Producenci motocykli starają się niezwykle szybko tworzyć nowe modele i nadążać tym samym za trendami rynku, ale KTM po raz kolejny udowadnia, że potrafi bardzo szybko stworzyć motocykl niemalże od zera.
Historia średnich nakedów z rodziny Duke jest rozległa i rozpoczęła się w 2017 roku, gdy KTM wprowadził do swojej oferty Duke 790. Model ten produkowany był do 2020 roku i w tym samym momencie zastąpiony został przez większego brata oznaczonego 890. Zmiany te były podyktowane nowymi normami emisji spalin, ale większa pojemność silnika wiązała się również z podwyższeniem mocy ze 105 do 115 KM. Austriacy lubią jednak zaskakiwać i tak też była decyzja o powrocie Duke 790, który został dostosowanych do aktualnych norm i finalnie pojawił się ponownie w ofercie.
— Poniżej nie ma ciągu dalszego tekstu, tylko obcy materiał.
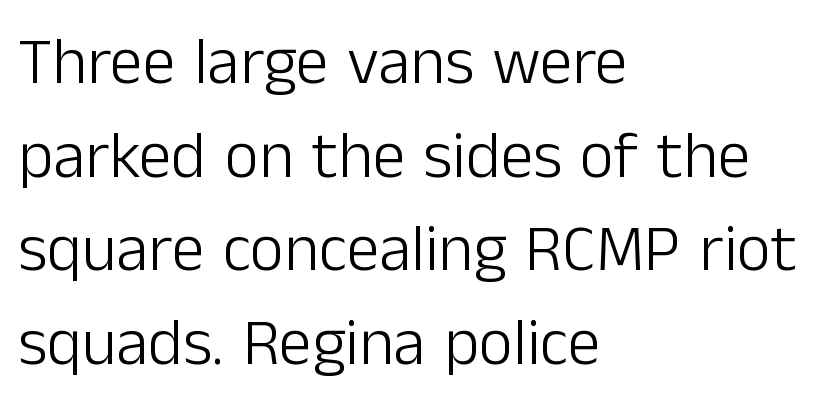
In terms of leading, this rendering sits right in the middle. Has an underline been added? It has not. Serifs: no, the terminals of the letterforms are clean. Reading down the block, your eye returns to a fixed left position each line.

KTM tym samym zapowiedział, że już w niedalekiej przyszłości światło dzienne ujrzy zupełnie nowy motocykl, czyli Duke 990. Warto w tym momencie wspomnieć, że 790 i 890 to identyczne konstrukcje, które różnią się tylko i wyłącznie silnikiem. Najnowsze dziecko austriackiego producenta zostało przyłapane podczas testów. Napędzany będzie kolejną generację jednostki LC8c i nieoficjalnie mówi się, że najmocniejsza wersja będzie mogła pochwalić się mocą na poziomie powyżej 130 KM. Kiedy Duke 890 ujrzy oficjalnie światło dzienne? Data nie została jeszcze podana.